Pensemos ainda no nosso corpo. Na maior parte do tempo funcionamos automaticamente, sem atentar para braços, pernas, ou órgãos internos. Se algo está errado, se tenho uma dor na barriga, passo a olhar para meu estômago de modo objetivo, perguntando-me o que pode ter originado do desconforto. Claro, há os hipocondríacos, que vivem prestando atenção a cada detalhe do organismo, à procura de doenças.

Tento aqui distinguir o Brasil objetivo daquele outro, com que estamos envolvidos quando ouvimos um samba, ou tomamos sol numa de nossas praias, ao nos orgulharmos se um brasileiro se destaca no cenário internacional, quando torcemos para a seleção de futebol.
(Filosoficamente, forçando um pouco a barra, distingo aqui um Brasil ôntico e um ontológico.)

Escuto muita gente falando mal do país. Com alguma razão, se a fala estiver ancorada em meu primeiro tipo, objetivo, aquele das estatísticas e da grande mídia mal-humorada – e de algumas experiências ruins, como ser assaltado.
O discurso sobre o outro Brasil não comporta razão ou desrazão. Faz parte de nossa vida, é com ela co-originário. Nem mesmo é exato dizer que “faz parte”; sem esse pertencimento, nenhum de nós seria quem é. Não nos foi permitido escolher outro local de nascimento e, por mais que gostemos de especular, ninguém sabe quem seria se tivesse nascido em outro lugar. Ao me reconhecer como brasileiro, aproprio-me daquilo que sempre foi meu.

O filósofo português Fernando Belo, em “A Metamorfose das Ciências”, publicado no Caderno de Filosofias, de Lisboa, diz: “Podia não ser e tinha de ser: é o que nos seduz nas grandes narrativas da ficção como da história, quer ainda da nossa própria história pessoal, com tanto de aleatório, mas o sentimento posterior de que tinha de ser, foi um “destino” (mas nunca uma “pré-destinação”, teológica por excelência).”

Ser brasileiro é o meu destino — não o que poderia ter sido, mas o que foi e é.

Quem está o tempo todo com o Brasil objetivo na ponta da língua adora mostrar-se indignado. Neste estado, compartilha com outros indignados sua… indignação. E daqui não se chega a lugar algum. A indignação serve para motivar uma ação. Quando ela se esgota em si mesma serve apenas para “engrandecer” o indignado no grupo dos outros… indignados.

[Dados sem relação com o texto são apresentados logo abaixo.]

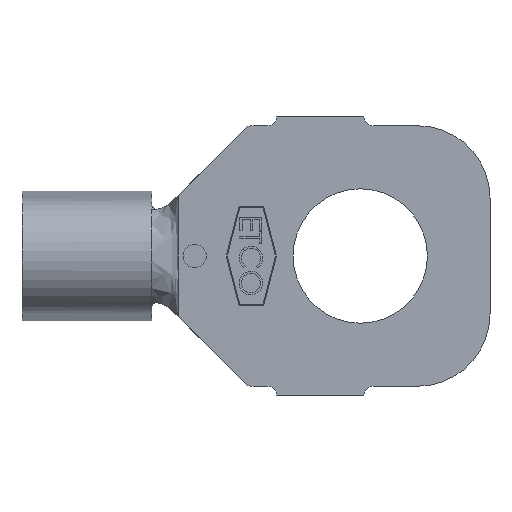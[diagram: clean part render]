
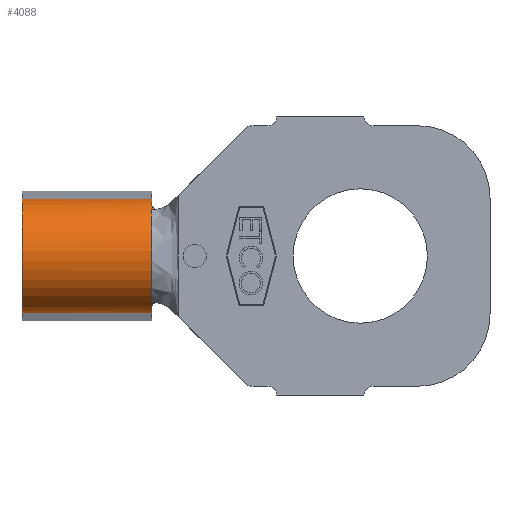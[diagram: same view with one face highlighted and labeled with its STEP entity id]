
A CAD part, front view. The second image highlights one B-rep face of the part: STEP entity #4088.
In plain terms, the highlighted cylindrical face has radius 1.575 mm (diameter 3.15 mm), a partial arc.
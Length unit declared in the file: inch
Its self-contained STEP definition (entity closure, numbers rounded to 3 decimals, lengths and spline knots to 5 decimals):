
#88 = CARTESIAN_POINT ( 'NONE',  ( -0.22104, 0.02601, -0.05052 ) ) ;
#132 = EDGE_CURVE ( 'NONE', #4165, #5561, #5422, .T. ) ;
#278 = CARTESIAN_POINT ( 'NONE',  ( -0.22415, 0.02905, 0.05255 ) ) ;
#286 = DIRECTION ( 'NONE',  ( 1., 0., 0. ) ) ;
#394 = VERTEX_POINT ( 'NONE', #5640 ) ;
#482 = VERTEX_POINT ( 'NONE', #4545 ) ;
#560 = CARTESIAN_POINT ( 'NONE',  ( -0.21645, 0.02476, -0.04957 ) ) ;
#581 = CARTESIAN_POINT ( 'NONE',  ( -0.365, 0.0541, -0.06149 ) ) ;
#618 = VECTOR ( 'NONE', #1044, 39.37008 ) ;
#730 = CARTESIAN_POINT ( 'NONE',  ( -0.225, 0.0332, 0.05491 ) ) ;
#741 = EDGE_CURVE ( 'NONE', #394, #826, #5261, .T. ) ;
#826 = VERTEX_POINT ( 'NONE', #2184 ) ;
#1004 = EDGE_CURVE ( 'NONE', #5194, #826, #2914, .T. ) ;
#1044 = DIRECTION ( 'NONE',  ( 1., 0., 0. ) ) ;
#1166 = CARTESIAN_POINT ( 'NONE',  ( -0.21883, 0.02504, 0.04978 ) ) ;
#1188 = DIRECTION ( 'NONE',  ( 1., 0., 0. ) ) ;
#1221 = CARTESIAN_POINT ( 'NONE',  ( -0.21645, 0.02476, 0.04957 ) ) ;
#1225 = CARTESIAN_POINT ( 'NONE',  ( -0.225, 0.0541, 0.06149 ) ) ;
#1502 = DIRECTION ( 'NONE',  ( 1., 0., 0. ) ) ;
#1602 = AXIS2_PLACEMENT_3D ( 'NONE', #3820, #1188, #4230 ) ;
#1674 = VERTEX_POINT ( 'NONE', #5229 ) ;
#1695 = CARTESIAN_POINT ( 'NONE',  ( -0.365, 0.062, 0. ) ) ;
#1708 = CARTESIAN_POINT ( 'NONE',  ( -0.225, 0.0332, -0.05491 ) ) ;
#1768 = CARTESIAN_POINT ( 'NONE',  ( -0.365, 0.0541, 0.06149 ) ) ;
#1805 = CYLINDRICAL_SURFACE ( 'NONE', #2526, 0.062 ) ;
#1813 = VERTEX_POINT ( 'NONE', #1896 ) ;
#1821 = LINE ( 'NONE', #581, #618 ) ;
#1896 = CARTESIAN_POINT ( 'NONE',  ( -0.365, 0.0541, 0.06149 ) ) ;
#2078 = CARTESIAN_POINT ( 'NONE',  ( -0.21645, 0.02476, 0.04957 ) ) ;
#2136 = CARTESIAN_POINT ( 'NONE',  ( -0.225, 0.02534, 0.05 ) ) ;
#2140 = DIRECTION ( 'NONE',  ( 1., 0., 0. ) ) ;
#2166 = B_SPLINE_CURVE_WITH_KNOTS ( 'NONE', 3,
 ( #1221, #3428, #4696, #2136 ),
 .UNSPECIFIED., .F., .F.,
 ( 4, 4 ),
 ( 0., 0.00022 ),
 .UNSPECIFIED. ) ;
#2184 = CARTESIAN_POINT ( 'NONE',  ( -0.225, 0.0332, 0.05491 ) ) ;
#2318 = ORIENTED_EDGE ( 'NONE', *, *, #2824, .T. ) ;
#2401 = AXIS2_PLACEMENT_3D ( 'NONE', #2471, #5453, #2910 ) ;
#2441 = ORIENTED_EDGE ( 'NONE', *, *, #4396, .T. ) ;
#2444 = ORIENTED_EDGE ( 'NONE', *, *, #1004, .F. ) ;
#2471 = CARTESIAN_POINT ( 'NONE',  ( -0.365, 0.062, 0. ) ) ;
#2502 = EDGE_CURVE ( 'NONE', #394, #1674, #2166, .T. ) ;
#2526 = AXIS2_PLACEMENT_3D ( 'NONE', #1695, #2140, #4277 ) ;
#2683 = CARTESIAN_POINT ( 'NONE',  ( -0.365, 0.0541, -0.06149 ) ) ;
#2727 = ORIENTED_EDGE ( 'NONE', *, *, #3485, .F. ) ;
#2796 = CARTESIAN_POINT ( 'NONE',  ( -0.22415, 0.02905, -0.05255 ) ) ;
#2824 = EDGE_CURVE ( 'NONE', #4728, #482, #1821, .T. ) ;
#2910 = DIRECTION ( 'NONE',  ( 0., 0., -1. ) ) ;
#2914 = CIRCLE ( 'NONE', #4223, 0.062 ) ;
#2944 = ORIENTED_EDGE ( 'NONE', *, *, #741, .T. ) ;
#2962 = CARTESIAN_POINT ( 'NONE',  ( -0.22104, 0.02601, 0.05052 ) ) ;
#2970 = CARTESIAN_POINT ( 'NONE',  ( -0.225, 0.062, 0. ) ) ;
#2993 = CIRCLE ( 'NONE', #5014, 0.062 ) ;
#2999 = ORIENTED_EDGE ( 'NONE', *, *, #5280, .F. ) ;
#3174 = CIRCLE ( 'NONE', #2401, 0.062 ) ;
#3191 = VERTEX_POINT ( 'NONE', #1708 ) ;
#3223 = CARTESIAN_POINT ( 'NONE',  ( -0.21884, 0.02504, -0.04978 ) ) ;
#3235 = LINE ( 'NONE', #1768, #5487 ) ;
#3391 = CARTESIAN_POINT ( 'NONE',  ( -0.225, 0.03106, 0.05379 ) ) ;
#3403 = DIRECTION ( 'NONE',  ( 0., 0., -1. ) ) ;
#3428 = CARTESIAN_POINT ( 'NONE',  ( -0.21928, 0.02509, 0.04982 ) ) ;
#3477 = EDGE_LOOP ( 'NONE', ( #2444, #2999, #4906, #2318, #2727, #2441, #4067, #4821, #4490, #2944 ) ) ;
#3485 = EDGE_CURVE ( 'NONE', #3191, #482, #2993, .T. ) ;
#3514 = CIRCLE ( 'NONE', #1602, 0.062 ) ;
#3522 = B_SPLINE_CURVE_WITH_KNOTS ( 'NONE', 3,
 ( #4878, #4900, #2796, #88, #3223, #560 ),
 .UNSPECIFIED., .F., .F.,
 ( 4, 2, 4 ),
 ( 0., 0.00018, 0.00036 ),
 .UNSPECIFIED. ) ;
#3820 = CARTESIAN_POINT ( 'NONE',  ( -0.225, 0.062, 0. ) ) ;
#3911 = CARTESIAN_POINT ( 'NONE',  ( -0.225, 0.02534, -0.05 ) ) ;
#4067 = ORIENTED_EDGE ( 'NONE', *, *, #132, .F. ) ;
#4073 = CARTESIAN_POINT ( 'NONE',  ( -0.21645, 0.02476, -0.04957 ) ) ;
#4085 = CARTESIAN_POINT ( 'NONE',  ( -0.21928, 0.02509, -0.04982 ) ) ;
#4088 = ADVANCED_FACE ( 'NONE', ( #5231 ), #1805, .T. ) ;
#4109 = CARTESIAN_POINT ( 'NONE',  ( -0.225, 0.062, 0. ) ) ;
#4165 = VERTEX_POINT ( 'NONE', #3911 ) ;
#4223 = AXIS2_PLACEMENT_3D ( 'NONE', #2970, #286, #3403 ) ;
#4230 = DIRECTION ( 'NONE',  ( 0., 0., -1. ) ) ;
#4277 = DIRECTION ( 'NONE',  ( 0., 0., -1. ) ) ;
#4396 = EDGE_CURVE ( 'NONE', #3191, #5561, #3522, .T. ) ;
#4421 = CARTESIAN_POINT ( 'NONE',  ( -0.225, 0.02534, -0.05 ) ) ;
#4490 = ORIENTED_EDGE ( 'NONE', *, *, #2502, .F. ) ;
#4534 = DIRECTION ( 'NONE',  ( 0., 0., -1. ) ) ;
#4541 = CARTESIAN_POINT ( 'NONE',  ( -0.22213, 0.02534, -0.05 ) ) ;
#4545 = CARTESIAN_POINT ( 'NONE',  ( -0.225, 0.0541, -0.06149 ) ) ;
#4550 = EDGE_CURVE ( 'NONE', #1674, #4165, #3514, .T. ) ;
#4696 = CARTESIAN_POINT ( 'NONE',  ( -0.22213, 0.02534, 0.05 ) ) ;
#4728 = VERTEX_POINT ( 'NONE', #2683 ) ;
#4777 = DIRECTION ( 'NONE',  ( 1., 0., 0. ) ) ;
#4821 = ORIENTED_EDGE ( 'NONE', *, *, #4550, .F. ) ;
#4878 = CARTESIAN_POINT ( 'NONE',  ( -0.225, 0.0332, -0.05491 ) ) ;
#4900 = CARTESIAN_POINT ( 'NONE',  ( -0.225, 0.03106, -0.05379 ) ) ;
#4906 = ORIENTED_EDGE ( 'NONE', *, *, #5004, .T. ) ;
#5004 = EDGE_CURVE ( 'NONE', #1813, #4728, #3174, .T. ) ;
#5014 = AXIS2_PLACEMENT_3D ( 'NONE', #4109, #1502, #4534 ) ;
#5116 = CARTESIAN_POINT ( 'NONE',  ( -0.21645, 0.02476, -0.04957 ) ) ;
#5194 = VERTEX_POINT ( 'NONE', #1225 ) ;
#5229 = CARTESIAN_POINT ( 'NONE',  ( -0.225, 0.02534, 0.05 ) ) ;
#5231 = FACE_OUTER_BOUND ( 'NONE', #3477, .T. ) ;
#5261 = B_SPLINE_CURVE_WITH_KNOTS ( 'NONE', 3,
 ( #2078, #1166, #2962, #278, #3391, #730 ),
 .UNSPECIFIED., .F., .F.,
 ( 4, 2, 4 ),
 ( 0., 0.00018, 0.00036 ),
 .UNSPECIFIED. ) ;
#5280 = EDGE_CURVE ( 'NONE', #1813, #5194, #3235, .T. ) ;
#5422 = B_SPLINE_CURVE_WITH_KNOTS ( 'NONE', 3,
 ( #4421, #4541, #4085, #4073 ),
 .UNSPECIFIED., .F., .F.,
 ( 4, 4 ),
 ( 0., 0.00022 ),
 .UNSPECIFIED. ) ;
#5453 = DIRECTION ( 'NONE',  ( 1., 0., 0. ) ) ;
#5487 = VECTOR ( 'NONE', #4777, 39.37008 ) ;
#5561 = VERTEX_POINT ( 'NONE', #5116 ) ;
#5640 = CARTESIAN_POINT ( 'NONE',  ( -0.21645, 0.02476, 0.04957 ) ) ;

Cachorros correndo atrás de seus próprios rabos.

Citando Luc Ferry, numa entrevista da CPFL Cultura, em 2011: “A indignação é um sentimento detestável, a gente sempre fica indignado em relação aos outros e não a si próprio, com o que a gente faz. Isso não é um sentimento moral autêntico. A verdadeira moral nunca é indignação. Isso é o que Nietzsche chamava de moralismo, a falsa moral. Pascal, que foi um filósofo cristão, tinha uma frase magnífica, ele dizia, ‘a verdadeira moral goza da moral’. A verdadeira moral nunca é indignação, (que) é um sentimento que permite dizer que somos melhor que os outros, mas isso não é verdade, em todo caso é muito raro.”

Chamo esse pessoal indignado, que vive com o Brasil objetivo na ponta da língua, de hipocondríacos políticos.
Assim como é penoso ter um corpo que a qualquer momento pode cair doente, deve ser muito desconfortável viver num lugar em que sempre se acha tudo errado.

Gostaria de fazer uma última ressalva. É preciso não confundir o que foi escrito com o conceito de um “patriotismo” ingênuo e/ou ufanista. Trata-se de aceitar o inevitável, acolhê-lo e participar das mudanças possíveis. Existe ainda a escolha de mudar de país e nunca mais pisar em solo brasileiro. Esta, no entanto, não é a opção da maioria.

Apesar de todas as mazelas, posso ficar em paz com meu destino.